Fabián Andrés Rinaudo (born 15 May 1987 in Armstrong, Santa Fe) is an Argentinian former footballer who played as a midfielder. Rinaudo also holds an Italian passport, and sometimes played with the nickname Fito on his shirt.

==Club career==

===Gimnasia La Plata===
He made his league debut for Gimnasia y Esgrima de La Plata in a 0–0 draw against River Plate on 5 October 2008. In the 2009-10 season he was awarded the prize for best player in the Torneo Apertura and second-best for the Torneo Clausura. He played 100 games for Gimnasia, his last one being a 1–1 draw against San Martín de San Juan, result that relegated Gimnasia to the Primera B Nacional.

===Sporting Clube de Portugal===
On 3 July 2011, Fito Rinaudo joined Portuguese club Sporting Clube de Portugal for an undisclosed fee, signing a four-year contract with a €25M minimum fee release clause. Sporting signed him in a leverage deal as the club later sold 15% economic rights to Sporting Portugal Fund for €525,000 and another 50% to Quality Sports Investments for €1.1 million. The club retained 35% economic rights on future transfer fee.

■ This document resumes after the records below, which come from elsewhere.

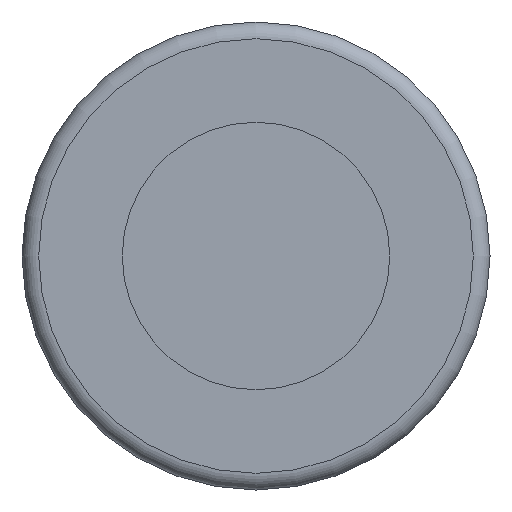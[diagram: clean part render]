
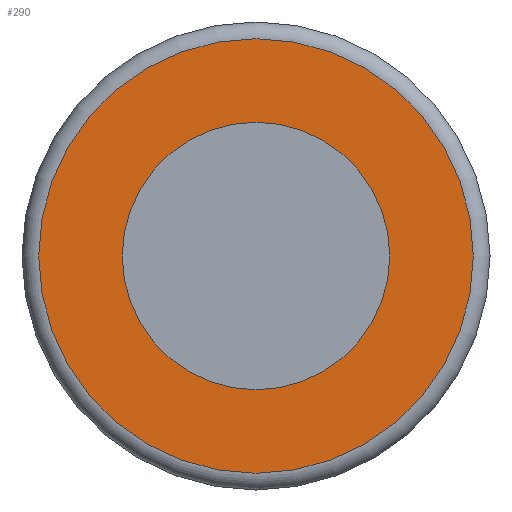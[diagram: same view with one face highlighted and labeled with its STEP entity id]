
A CAD part, front view. The second image highlights one B-rep face of the part: STEP entity #290.
In plain terms, the highlighted planar face has unit normal (0, -1, 0).
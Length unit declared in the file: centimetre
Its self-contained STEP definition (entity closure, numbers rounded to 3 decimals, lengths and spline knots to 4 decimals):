
#140=PLANE('',#307);
#152=VERTEX_POINT('',#370);
#155=VERTEX_POINT('',#378);
#170=CIRCLE('',#303,0.325);
#173=CIRCLE('',#308,0.2);
#176=EDGE_CURVE('',#152,#152,#170,.T.);
#179=EDGE_CURVE('',#155,#155,#173,.T.);
#204=ORIENTED_EDGE('',*,*,#179,.T.);
#205=ORIENTED_EDGE('',*,*,#176,.F.);
#252=EDGE_LOOP('',(#204));
#253=EDGE_LOOP('',(#205));
#272=FACE_BOUND('',#252,.T.);
#273=FACE_BOUND('',#253,.T.);
#290=ADVANCED_FACE('',(#272,#273),#140,.T.);
#303=AXIS2_PLACEMENT_3D('',#369,#323,#324);
#307=AXIS2_PLACEMENT_3D('',#376,#331,$);
#308=AXIS2_PLACEMENT_3D('',#377,#332,#333);
#323=DIRECTION('',(0.,1.,0.));
#324=DIRECTION('',(-0.325,0.,0.));
#331=DIRECTION('',(0.,-1.,0.));
#332=DIRECTION('',(0.,1.,0.));
#333=DIRECTION('',(0.2,0.,0.));
#369=CARTESIAN_POINT('',(0.,0.,0.));
#370=CARTESIAN_POINT('',(0.325,0.,0.));
#376=CARTESIAN_POINT('',(0.275,0.,0.));
#377=CARTESIAN_POINT('',(0.,0.,0.));
#378=CARTESIAN_POINT('',(0.2,0.,0.));
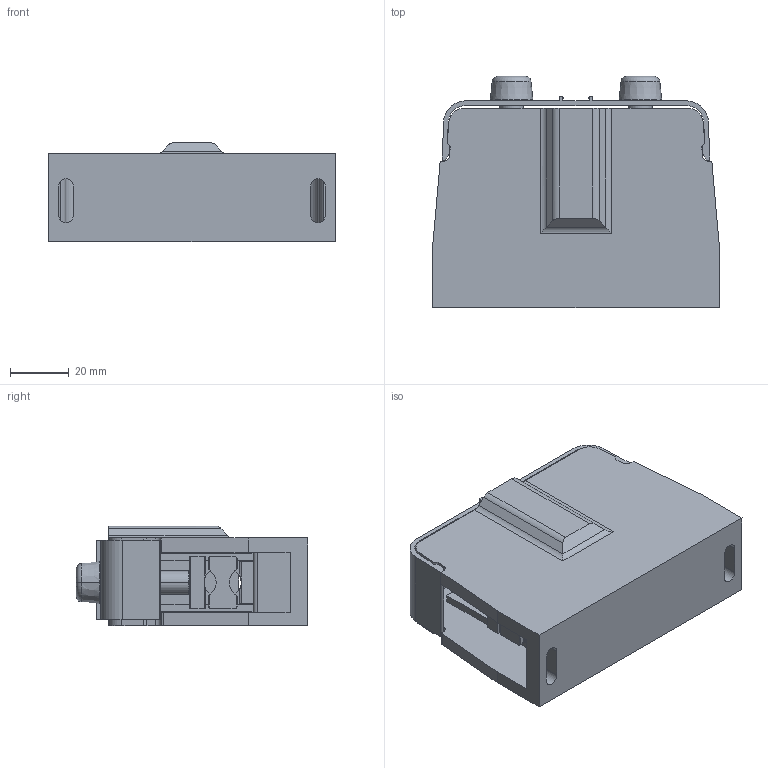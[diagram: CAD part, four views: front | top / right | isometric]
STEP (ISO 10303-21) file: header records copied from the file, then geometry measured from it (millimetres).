
FILE_DESCRIPTION((''),'2;1');
FILE_NAME('UJFX2-70_3P_ASM','2024-01-24T',('dell'),(''),'PRO/ENGINEER BY PARAMETRIC TECHNOLOGY CORPORATION, 2013230','PRO/ENGINEER BY PARAMETRIC TECHNOLOGY CORPORATION, 2013230','');
FILE_SCHEMA(('AUTOMOTIVE_DESIGN { 1 0 10303 214 1 1 1 1 }'));
Length unit declared in the file: millimetre
Products named in the file (1): UJFX2-70_3P_ASM
Bounding box: 98 x 79 x 34 mm (x, y, z)
Volume: 136594.4 mm3; surface area: 58788.8 mm2
Topology: 1 solids, 1 shells, 910 faces, 2776 edges, 1835 vertices
Faces by surface type: plane 531, cylinder 347, torus 16, cone 16
Entity records: 32381 total; most frequent: CARTESIAN_POINT 8141, ORIENTED_EDGE 5552, DIRECTION 4365, EDGE_CURVE 2776, VECTOR 1911, LINE 1911, VERTEX_POINT 1835, AXIS2_PLACEMENT_3D 1227

After Sporing sold the registration rights of Rinaudo to Catania, Sporting also paid €480,000 to Sporting Portugal Fund.

===Calcio Catania===
On 10 January 2014, he was loaned to Calcio Catania and made the move permanent later in July 2014 in a 3-year contract, for €1.6 million fee plus bonuses. Sporting would also receive 50% of the future transfer fee if Catania sold the player.

On 17 August 2015, Rinaudo was loaned back to Argentina for Gimnasia. The loan was renewed on 8 August 2016.

==International career==
On 20 May 2009, Rinaudo made his international debut in a friendly match against Panama. The Argentine team, made up of players based in the Primera División Argentina won the game 3–1.